14. The Department of Justice credits information obtained through legal wiretaps for over 20,000 felony convictions since the early 1980's. Senate Subcommittee on Technology and the Law, Hearing on the Administration's Key Escrow Encryption Standard, May 3, 1994. Without key escrow, Congress has found that there is a substantial risk that such results will be impossible in the future. See Cryptography Control Act 1.

15. Petitioner correctly observes that many individuals and organizations may wish to encrypt communications to prevent government observation or interference, with no desire to promote unlawful activity. For example, Petitioner notes, attorneys may encrypted privileged communications to protect their confidentiality. See Trammel v. United States, 445 U.S. 40, 51 (1980). As this court observed in Trammel, however, privileges are not absolute, and may fall in the face of a compelling government showing. Accord, Nixon v. United States 418 U.S. 683 (1974). If this court accepts Petitioner's argument, any individual could effectively convert a qualified privilege (or an invalid claim of privilege) into an absolute privilege through the use of technology. The CCA simply grants the government the ability -- in the face of a valid court order for the interception or seizure of a communication or file -- to understand the lawfully seized materials. It has no impact whatsoever on the ability or authority of anyone to assert a privilege, or upon the obligation of the government to respect such privileges.

16. The government agrees with the Thirteenth Circuit's conclusion that Petitioner's claim rests with the former of these privacy rights rather than the latter's privacy implications of marriage, procreation, contraception, family relationships, and child rearing and education.

17. In fact, the Department of Justice has elaborate procedures in place for agents who wish to obtain a key from an escrow agent.
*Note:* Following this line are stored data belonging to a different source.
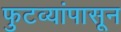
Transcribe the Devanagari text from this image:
फुटव्यांपासून
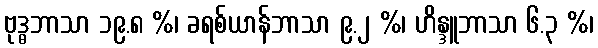
ဗုဒ္ဓဘာသာ ၁၉.၈ %၊ ခရစ်ယာန်ဘာသာ ၉.၂ %၊ ဟိန္ဒူဘာသာ ၆.၃ %၊
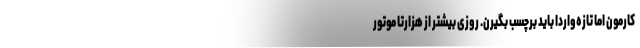
کارمون اما تازه‌واردا باید برچسب بگیرن. روزی بیشتر از هزارتا موتور
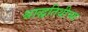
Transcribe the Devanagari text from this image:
श्राद्धतिथीच्या
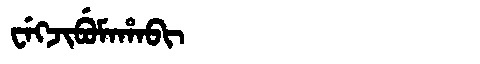
Manchu: ᠸᡝᡴᠵᡳᠪᡠᠮᠠᡥᠠᠪᡳ
Romanization: WEKJIBUMAHABI
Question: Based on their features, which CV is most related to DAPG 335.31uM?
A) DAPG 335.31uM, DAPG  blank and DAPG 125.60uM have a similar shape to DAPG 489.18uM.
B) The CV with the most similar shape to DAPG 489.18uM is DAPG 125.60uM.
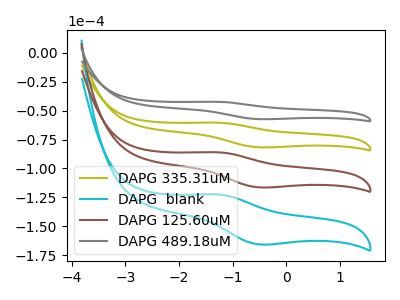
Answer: <think>The olive curve "DAPG 335.31uM" has an anodic peak at (-1.30V, -60.45uA) and a cathodic peak at (-0.50V, -81.75uA). The cyan curve "DAPG  blank" has an anodic peak at (-1.30V, -181.30uA) and a cathodic peak at (-0.50V, -245.20uA). The brown curve "DAPG 125.60uM" has an anodic peak at (-1.30V, -120.90uA) and a cathodic peak at (-0.50V, -163.45uA). The gray curve "DAPG 489.18uM" has an anodic peak at (-1.30V, -42.45uA) and a cathodic peak at (-0.50V, -57.45uA).
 All the peaks in "DAPG 335.31uM" have a peak in "DAPG  blank" at the same potential. All the peaks in "DAPG 335.31uM" have a peak in "DAPG 125.60uM" at the same potential. All the peaks in "DAPG 335.31uM" have a peak in "DAPG 489.18uM" at the same potential. All the peaks in "DAPG  blank" have a peak in "DAPG 125.60uM" at the same potential. All the peaks in "DAPG  blank" have a peak in "DAPG 489.18uM" at the same potential. All the peaks in "DAPG 125.60uM" have a peak in "DAPG 489.18uM" at the same potential.</think>
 <answer>A) "DAPG 335.31uM", "DAPG  blank" and "DAPG 125.60uM" have a similar shape to "DAPG 489.18uM".</answer>
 <eval>A</eval>
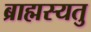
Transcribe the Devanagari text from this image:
ब्राह्मस्यतु
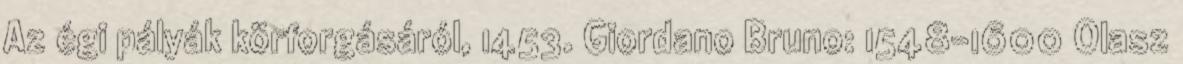
Az égi pályák körforgásáról, 1453. Giordano Bruno: 1548-1600 Olasz
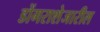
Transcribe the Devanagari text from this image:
डोंगराशेजारील
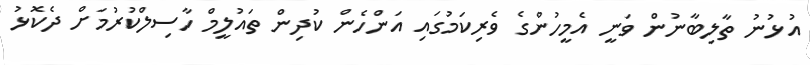
އުޅުނު ތާލިބާނުން ވަނީ އެމީހުންގެ ވެރިކަމުގައި އަންހެން ކުދިން ތައުލީމް ހާސިލްކުރުމަށް ދެކޮޅު
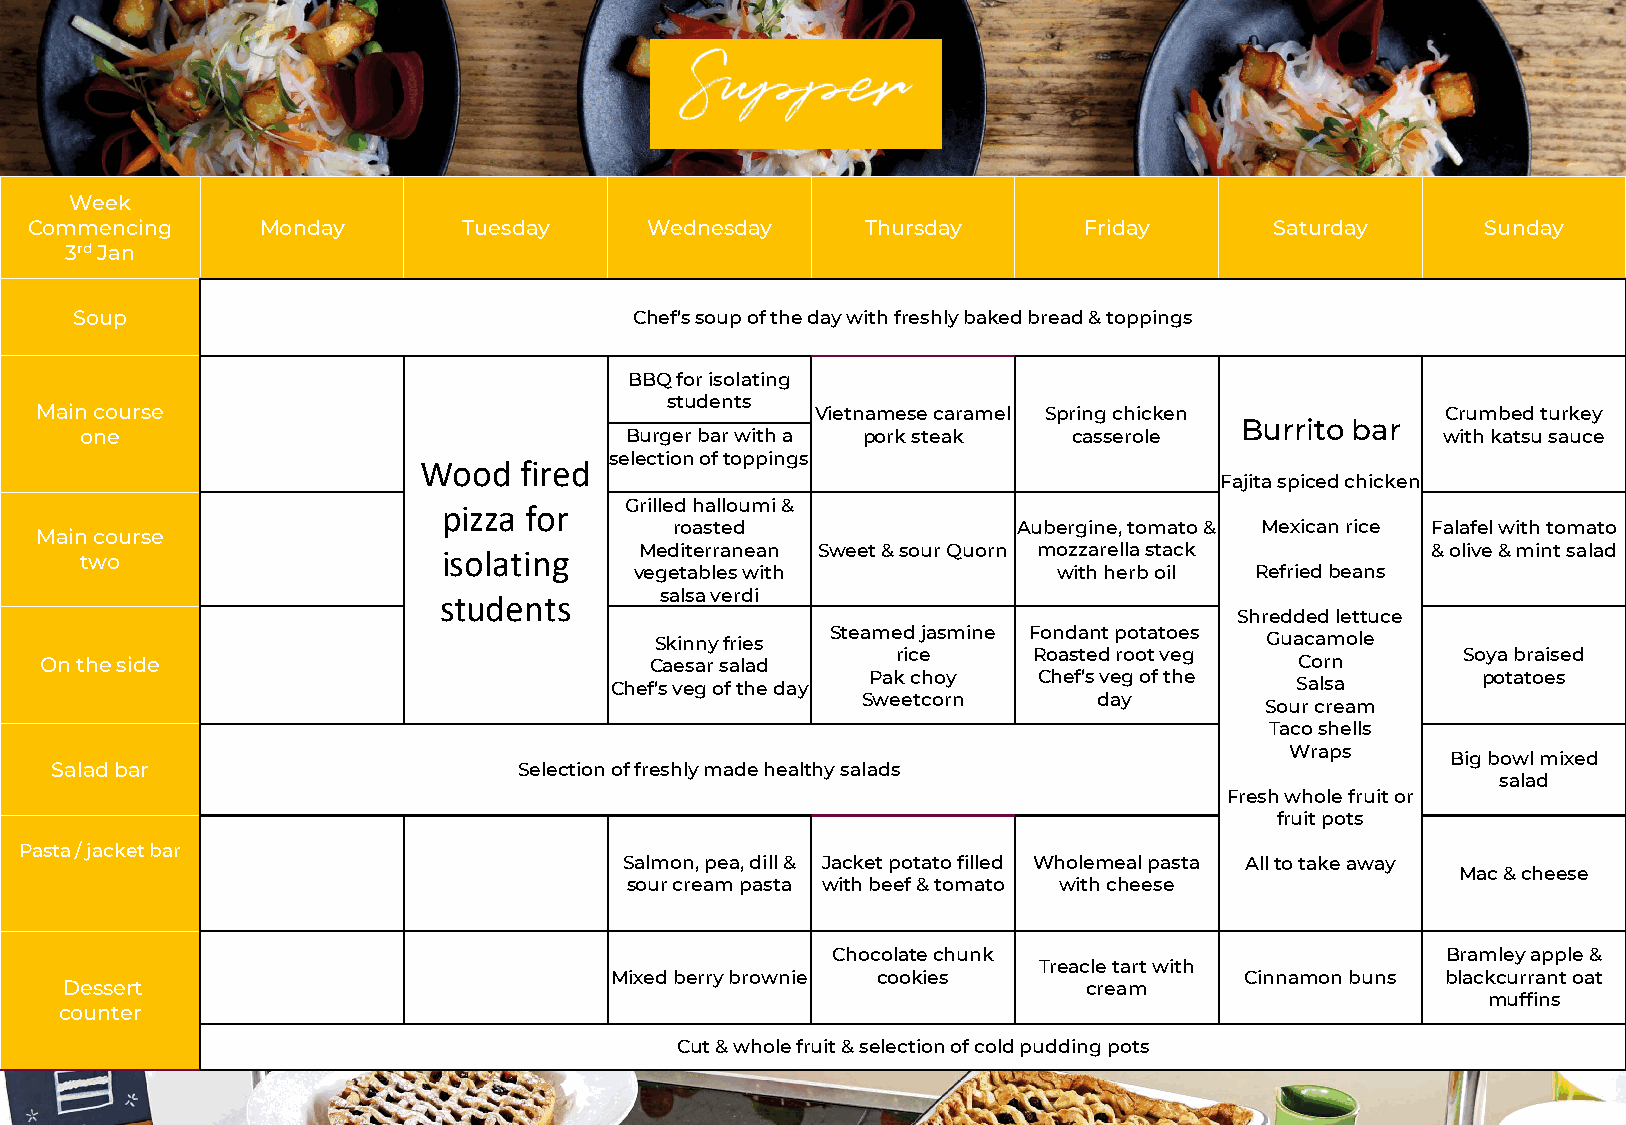
Week
 Commencing     Monday        Tuesday     Wednesday     Thursday       Friday      Saturday      Sunday
 3rdJan
 Soup                                 Chef’s soup of the day with freshly baked bread & toppings
 BBQ for isolating
 students
 Main course                                         Vietnamese caramel Spring chicken         Crumbed turkey
 Burrito bar
 one                                 Burger bar with a pork steak  casserole                with katsu sauce
 selection of toppings
 Wood  fired
 Fajita spiced chicken
 Grilled halloumi &
 pizza for
 roasted               Aubergine, tomato & Mexican rice Falafel with tomato
 Main course
 Mediterranean Sweet & sour Quorn mozzarella stack    & olive & mint salad
 two                     isolating
 vegetables with             with herb oil Refried beans
 salsa verdi
 students
 Shredded lettuce
 Steamed jasmine Fondant potatoes
 Skinny fries                             Guacamole
 rice     Roasted root veg             Soya braised
 On the side                             Caesar salad                               Corn
 Pak choy   Chef’s veg of the            potatoes
 Chef’s veg of the day                         Salsa
 Sweetcorn       day
 Sour cream
 Taco shells
 Wraps
 Big bowl mixed
 Salad bar                      Selection of freshly made healthy salads
 salad
 Fresh whole fruit or
 fruit pots
 Pasta / jacket bar
 Salmon, pea, dill & Jacket potato filled Wholemeal pasta All to take away
 Mac & cheese
 sour cream pasta with beef & tomato with cheese
 Chocolate chunk                          Bramley apple &
 Treacle tart with
 Mixed berry brownie cookies               Cinnamon buns blackcurrant oat
 Dessert                                                             cream
 muffins
 counter
 Cut & whole fruit & selection of cold pudding pots
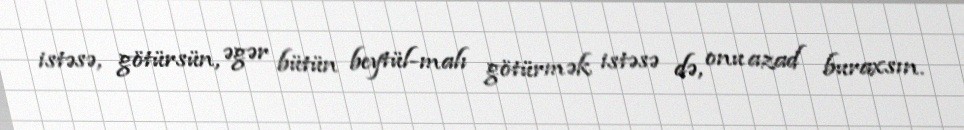
istəsə, götürsün, əgər bütün beytül-malı götürmək istəsə də, onu azad buraxsın.
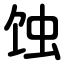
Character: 蚀
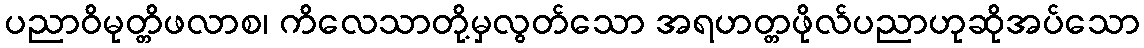
ပညာဝိမုတ္တိဖလာစ၊ ကိလေသာတို့မှလွတ်သော အရဟတ္တဖိုလ်ပညာဟုဆိုအပ်သော
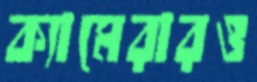
ক্যামেরারও
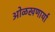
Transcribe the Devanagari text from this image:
ओळखणार्या
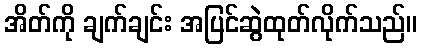
အိတ်ကို ချက်ချင်း အပြင်ဆွဲထုတ်လိုက်သည်။
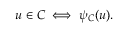
u \in C \iff \psi _ { C } ( u ) .
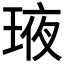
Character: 𤥿
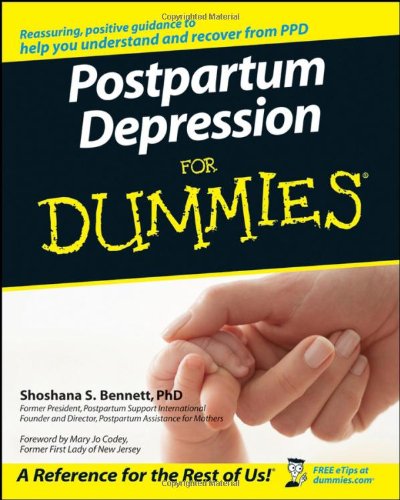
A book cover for Postpartum Depression For Dummies; Shoshana S. Bennett; Health, Fitness & Dieting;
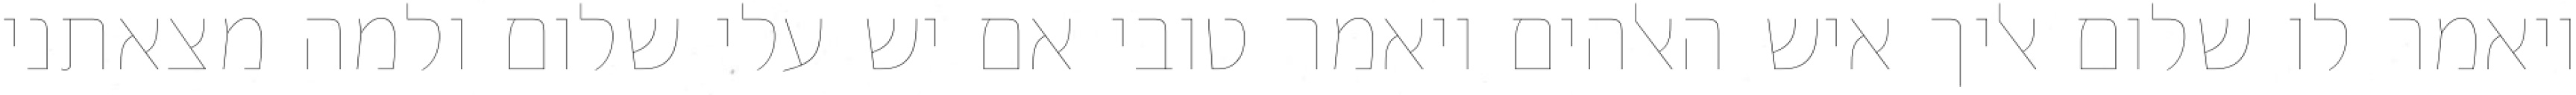
ויאמר לו שלום אליך איש האלהים ויאמר טובי אם יש עלי שלום ולמה מצאתני
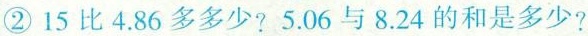
②15比4.86多多少?5.06与8.24的和是多少?
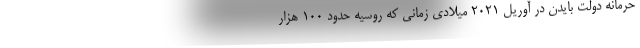
حرمانه دولت بایدن در آوریل ۲۰۲۱ میلادی زمانی که روسیه حدود ۱۰۰ هزار
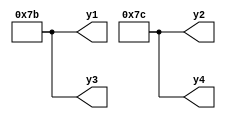
module demo_001(y1, y2, y3, y4);
	output [7:0] y1, y2, y3, y4;

	localparam [7:0] p1 = 123.45;
	localparam real p2 = 123.45;
	localparam real p3 = 123;
	localparam p4 = 123.45;

	assign y1 = p1 + 0.2;
	assign y2 = p2 + 0.2;
	assign y3 = p3 + 0.2;
	assign y4 = p4 + 0.2;
endmodule

module demo_002(y0, y1, y2, y3);
	output [63:0] y0, y1, y2, y3;

	assign y0 = 1'bx >= (-1 * -1.17);
	assign y1 = 1 ?  1 ?  -1 : 'd0 : 0.0;
	assign y2 = 1 ? -1 :   1 ? 'd0 : 0.0;
	assign y3 = 1 ? -1 : 'd0;
endmodule

module demo_003(output A, B);
	parameter real p = 0;
	assign A = (p==1.0);
	assign B = (p!="1.000000");
endmodule

module demo_004(output A, B, C, D);
	demo_003 #(1.0) demo_real (A, B);
	demo_003 #(1) demo_int (C, D);
endmodule
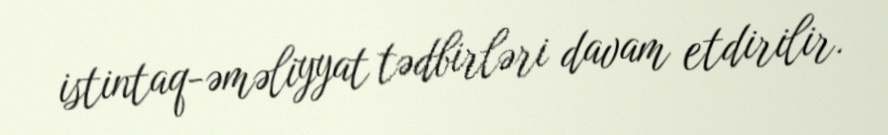
istintaq-əməliyyat tədbirləri davam etdirilir.
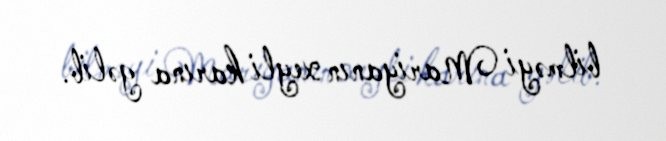
bilməyi Mariyanın xeyli karına gəlib.
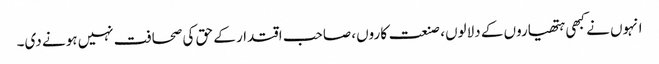
انہوں نے کبھی ہتھیاروں کے دلالوں، صنعت کاروں، صاحب اقتدار کے حق کی صحافت نہیں ہونے دی۔
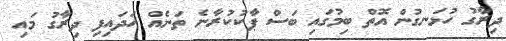
ދިރާގު ހުޅަނގުން އޮތް ބިމުގައި ބަސް ޕާކުކުރާނެ ތަނެއް ހަދައިފި ދިރާގު މައި
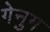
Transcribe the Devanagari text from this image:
गेनुग
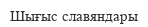
Шығыс славяндары
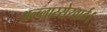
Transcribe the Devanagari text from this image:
अल्ब्लास्सेरवार्ड।
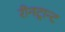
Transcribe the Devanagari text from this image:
रीनट्रान्ट
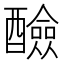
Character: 醶
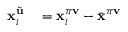
\begin{array} { r l } { \mathbf { x } _ { i } ^ { \tilde { \mathbf { u } } } } & { { } = \mathbf { x } _ { i } ^ { \pi \mathbf { v } } - \bar { \mathbf { x } } ^ { \pi \mathbf { v } } } \end{array}
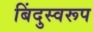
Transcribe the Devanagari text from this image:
बिंदुस्वरूप
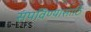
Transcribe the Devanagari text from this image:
संपविण्यासाठि
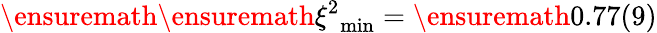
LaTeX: \ensuremath{\ensuremath{\xi^{2}}_{\mathrm{min}}}=\ensuremath{0.77(9)}
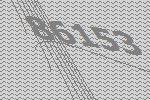
86153
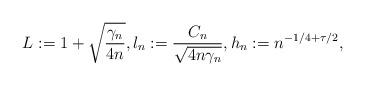
LaTeX: \begin{align*}L:=1+\sqrt{\frac{\gamma_n}{4n}}, l_n:= \frac{C_n}{\sqrt{4 n \gamma_n}},h_n:=n^{-1/4+\tau/2},\end{align*}
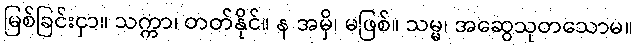
မြစ်ခြင်းငှာ။ သက္ကာ၊ တတ်နိုင်။ န အမှိ၊ မဖြစ်။ သမ္မ၊ အဆွေသုတသောမ။
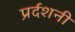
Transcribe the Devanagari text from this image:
प्रर्दशनी
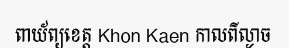
ពាយ័ព្យខេត្ត Khon Kaen កាលពីល្ងាច
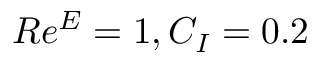
R e ^ { E } = 1 , C _ { I } = 0 . 2
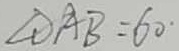
\angle O A B = 6 0
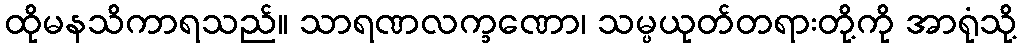
ထိုမနသိကာရသည်။ သာရဏလက္ခဏော၊ သမ္ပယုတ်တရားတို့ကို အာရုံသို့

Among other things, the agents must receive a court order containing provisions for after the fact minimization, obtain detailed certification of this Court order and the requesting agency, and submit the certification to the escrow agency, which may not release the information until it has determined that the key will only be used in connection with the lawful search. The Department of Justice has also assumed oversight responsibility to assure that all procedures are adhered to in all cases. Department of Justice Authorization Procedures for Release of Encryption Key in Connection With Title III Searches, 1994.

18. The authority of the District Court to direct the telephone company to assist in the installation of the pen registers was derived from the All Writs Act. This is because the District Court ruled that pen registers are not governed by the proscriptions of Title III because they are not devices used to intercept oral communications. New York Telephone, 434 U.S. at 163.

19. Petitioner also argues that, under the Fourth Amendment, it would be improper to prosecute those who have encrypted files prior to the effective date of the statute since such individuals would have a legitimate expectation of privacy in such lawfully encrypted files. This Court need not address this issue since it was not presented below. However, if a file were encrypted prior to the effective date of the statute, and no further action were taken with respect to the file, such a prosecution would probably be prohibited by the ex post facto clause. If, however, a prior encrypted file were transmitted after the effective date of the statute, this would constitute an offense.

20. See United States v. Doe, 465 U.S. 605, 618 (1984) (O'Connor, J., concurring) (stating that "the Fifth Amendment provides absolutely no protection for the contents of private papers of any kind.").